Uma tarde de muita troca e conhecimento jurídico. A Escola Judicial de Sergipe (Ejuse) realizou, nesta sexta-feira, 18/10, a edição 2024 do Seminário Ejuse Destaca, trazendo o professor e juiz do Trabalho da 5ª Região, Rodolfo Pamplona Filho, e o professor e desembargador do Tribunal de Justiça de Sergipe (TJSE), João Hora Neto, para compartilhar seus conhecimentos com os participantes do evento. O encontro ocorreu no auditório da Ejuse, localizado no 8° andar do Anexo I do TJSE. A diretora da escola, desembargadora Iolanda Santos Guimarães, prestigiou as explanações.
“A palestra do professor Rodolfo Pamplona foi bem interessante, abordando temas de uma forma leve e transparente, com poesia, para alegrar nossa sexta-feira, e tivemos também a palestra do nosso querido colega João Hora Neto, que foi brilhante, pois ele é um grande professor e um grande magistrado”, comentou a desembargadora.
O Seminário Ejuse Destaca é direcionado para magistrados e servidores do TJSE e para a comunidade jurídica local interessada na temática dos expositores. Em sua fala, o desembargador João Hora Neto discorreu sobre o tema ‘A Força Normativa da Boa-fé Objetiva’, tema que também intitula seu novo livro lançado durante o evento.

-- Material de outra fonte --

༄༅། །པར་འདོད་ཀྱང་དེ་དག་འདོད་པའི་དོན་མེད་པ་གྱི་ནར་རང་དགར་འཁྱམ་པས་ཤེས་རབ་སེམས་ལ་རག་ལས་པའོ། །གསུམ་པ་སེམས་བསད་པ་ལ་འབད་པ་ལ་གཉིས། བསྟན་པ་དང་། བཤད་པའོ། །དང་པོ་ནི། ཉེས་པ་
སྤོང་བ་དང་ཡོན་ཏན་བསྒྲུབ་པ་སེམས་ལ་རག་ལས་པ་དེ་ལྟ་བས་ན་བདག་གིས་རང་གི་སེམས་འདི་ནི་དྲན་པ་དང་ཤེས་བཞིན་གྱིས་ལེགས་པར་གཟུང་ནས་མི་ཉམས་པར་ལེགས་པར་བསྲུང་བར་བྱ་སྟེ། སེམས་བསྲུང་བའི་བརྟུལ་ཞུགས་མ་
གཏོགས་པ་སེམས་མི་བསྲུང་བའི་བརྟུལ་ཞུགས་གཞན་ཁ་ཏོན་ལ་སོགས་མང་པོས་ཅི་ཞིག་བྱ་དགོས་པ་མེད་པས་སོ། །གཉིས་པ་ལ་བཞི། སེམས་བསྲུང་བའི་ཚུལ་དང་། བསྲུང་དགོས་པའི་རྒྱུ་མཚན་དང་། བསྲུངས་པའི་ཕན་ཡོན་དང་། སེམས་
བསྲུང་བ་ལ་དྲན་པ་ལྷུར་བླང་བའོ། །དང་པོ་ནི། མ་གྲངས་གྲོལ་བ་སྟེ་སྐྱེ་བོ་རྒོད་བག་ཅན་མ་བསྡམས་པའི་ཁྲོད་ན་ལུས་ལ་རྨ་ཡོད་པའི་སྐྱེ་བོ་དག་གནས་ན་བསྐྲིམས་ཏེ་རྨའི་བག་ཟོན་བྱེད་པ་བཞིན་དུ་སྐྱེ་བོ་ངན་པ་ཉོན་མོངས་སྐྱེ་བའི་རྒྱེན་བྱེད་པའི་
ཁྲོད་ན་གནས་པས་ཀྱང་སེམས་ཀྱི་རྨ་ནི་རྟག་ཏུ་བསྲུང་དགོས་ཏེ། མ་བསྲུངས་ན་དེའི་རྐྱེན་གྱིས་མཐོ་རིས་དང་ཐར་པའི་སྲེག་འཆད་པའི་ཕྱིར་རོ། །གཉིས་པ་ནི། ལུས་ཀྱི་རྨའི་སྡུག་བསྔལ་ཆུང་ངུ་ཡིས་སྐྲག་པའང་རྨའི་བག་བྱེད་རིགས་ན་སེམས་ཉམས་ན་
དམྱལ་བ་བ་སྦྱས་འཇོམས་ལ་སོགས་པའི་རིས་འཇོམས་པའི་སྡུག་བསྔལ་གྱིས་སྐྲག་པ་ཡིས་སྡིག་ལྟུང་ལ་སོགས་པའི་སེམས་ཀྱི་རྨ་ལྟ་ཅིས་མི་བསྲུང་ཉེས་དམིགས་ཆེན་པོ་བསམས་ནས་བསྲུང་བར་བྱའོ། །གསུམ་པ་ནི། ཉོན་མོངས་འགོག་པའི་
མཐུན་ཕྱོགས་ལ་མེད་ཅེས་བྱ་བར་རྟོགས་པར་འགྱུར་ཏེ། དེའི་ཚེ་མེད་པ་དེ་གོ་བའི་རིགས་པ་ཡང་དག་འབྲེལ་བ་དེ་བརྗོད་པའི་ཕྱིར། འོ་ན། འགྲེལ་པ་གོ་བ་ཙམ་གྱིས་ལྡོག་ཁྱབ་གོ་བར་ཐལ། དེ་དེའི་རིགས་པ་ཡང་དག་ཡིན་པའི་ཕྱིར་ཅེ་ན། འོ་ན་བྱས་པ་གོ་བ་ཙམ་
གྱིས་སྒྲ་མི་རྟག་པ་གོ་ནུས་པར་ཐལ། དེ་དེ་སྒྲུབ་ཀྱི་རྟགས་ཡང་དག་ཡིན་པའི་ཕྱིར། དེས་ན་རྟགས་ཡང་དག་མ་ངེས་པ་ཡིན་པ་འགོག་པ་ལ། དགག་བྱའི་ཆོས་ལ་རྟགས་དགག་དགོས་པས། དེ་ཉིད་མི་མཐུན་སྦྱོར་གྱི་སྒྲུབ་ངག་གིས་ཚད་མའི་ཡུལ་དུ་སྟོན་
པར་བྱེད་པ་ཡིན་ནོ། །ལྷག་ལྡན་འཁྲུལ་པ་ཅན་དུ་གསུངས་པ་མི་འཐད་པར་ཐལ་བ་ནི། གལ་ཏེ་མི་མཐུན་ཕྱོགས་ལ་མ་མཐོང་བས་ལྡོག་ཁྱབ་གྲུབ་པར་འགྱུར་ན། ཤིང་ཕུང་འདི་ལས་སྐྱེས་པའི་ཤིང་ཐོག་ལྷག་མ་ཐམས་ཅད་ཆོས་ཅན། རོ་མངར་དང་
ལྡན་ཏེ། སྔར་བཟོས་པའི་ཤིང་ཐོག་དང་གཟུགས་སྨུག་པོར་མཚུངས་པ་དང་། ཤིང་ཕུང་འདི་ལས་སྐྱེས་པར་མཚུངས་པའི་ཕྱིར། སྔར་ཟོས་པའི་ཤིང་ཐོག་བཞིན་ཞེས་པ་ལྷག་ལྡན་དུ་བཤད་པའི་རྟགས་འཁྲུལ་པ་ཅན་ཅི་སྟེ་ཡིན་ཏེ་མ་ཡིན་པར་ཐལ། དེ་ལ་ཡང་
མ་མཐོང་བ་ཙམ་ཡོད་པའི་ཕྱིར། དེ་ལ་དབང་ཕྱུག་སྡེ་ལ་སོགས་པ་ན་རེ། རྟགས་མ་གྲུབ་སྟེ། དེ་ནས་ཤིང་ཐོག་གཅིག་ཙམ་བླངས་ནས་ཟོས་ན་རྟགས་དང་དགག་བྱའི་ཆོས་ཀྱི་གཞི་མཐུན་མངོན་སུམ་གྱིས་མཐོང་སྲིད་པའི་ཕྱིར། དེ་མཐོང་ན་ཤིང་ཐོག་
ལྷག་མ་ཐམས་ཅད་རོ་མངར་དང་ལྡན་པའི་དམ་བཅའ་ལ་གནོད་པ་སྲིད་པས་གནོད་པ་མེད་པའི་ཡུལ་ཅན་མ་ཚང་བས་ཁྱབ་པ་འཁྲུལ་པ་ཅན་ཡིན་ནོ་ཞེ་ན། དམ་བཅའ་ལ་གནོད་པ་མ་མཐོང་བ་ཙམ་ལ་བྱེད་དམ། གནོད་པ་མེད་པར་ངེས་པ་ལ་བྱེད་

“O livro deriva do meu doutorado pela Universidade Federal da Bahia há mais ou menos dois anos. Diante da pesquisa, que foi bem elogiada pela banca, razão pela qual a própria banca me motivou a converter a tese em um livro. E aí foi uma segunda etapa de luta, porque uma coisa é a tese, outra coisa é o livro. Eu elaborei, aprimorei, esmerei mais, e, finalmente, saiu o livro publicado pela editora Thoth, do Paraná, importante editora em nível nacional”, resumiu o desembargador, lembrando que sua obra tem como prefaciador Rodolfo Pamplona, e como apresentador Flávio Tartuce, ambos civilistas de renome nacional.
De acordo com João Hora Neto, a boa-fé objetiva é um princípio que vem dos romanos, perpassa os ordenamentos ocidentais, tem uma consagração máxima no artigo 242 do Código Alemão, entra no direito brasileiro pelo Código de Defesa do Consumidor, e hoje é expresso em três artigos do Código Civil. Segundo ele, a boa-fé objetiva é um mandamento de conduta, de lealdade, de transparência, que exige de todos os contratantes agir de forma cooperada, solidária, em prol das legítimas expectativas, desde a fase pré-contratual, durante e após o contrato. “Então, é um instituto poderoso, daí o tema do livro, e eu provo, segundo a minha concepção, que ele sai do direito privado e atinge outros ramos do direito, como, por exemplo, o direito público. E aí, na obra, eu faço grandes e múltiplas inferências com exemplos”, destacou.
O juiz do Trabalho Rodolfo Pamplona Filho abordou o tema ‘A Principiologia do Código Civil de 2002 e o Direito Contratual’. Segundo ele, é preciso compreender a importância da principiologia no Código Civil de 2002, inclusive, pela própria enunciação de Miguel Reale, que foi o seu relator, estabelecendo três grandes princípios: a eticidade, a socialidade e a operabilidade.
“E a eticidade, que é justamente verificar essa preocupação na aproximação do direito com a moral, é que influencia ainda mais o direito contratual, que tem, na boa-fé objetiva, um dos seus principais princípios. E é sobre esse tema que o desembargador João Hora Neto acabou de lançar o trabalho dele, que é fruto da sua tese de doutorado, aprovada com nota máxima na Universidade Federal da Bahia. Para mim, é uma honra, um prazer, e um privilégio presenciar e testemunhar esse momento”, considerou o magistrado, que, ao lado do desembargador João Hora Neto, também realizou uma sessão de autógrafos de dois de seus livros, o Manual de Direito Civil, e os volumes 1 (Parte geral) e 4 (Contratos) da coleção Novo Curso de Direito Civil, escritos em parceria com o também magistrado e professor Pablo Stolze Gagliano.
Estiveram presentes no evento magistrados e servidores do TJSE, alunos e ex-alunos do desembargador João Hora Neto, advogados e a comunidade jurídica sergipana interessada na temática desta edição do seminário.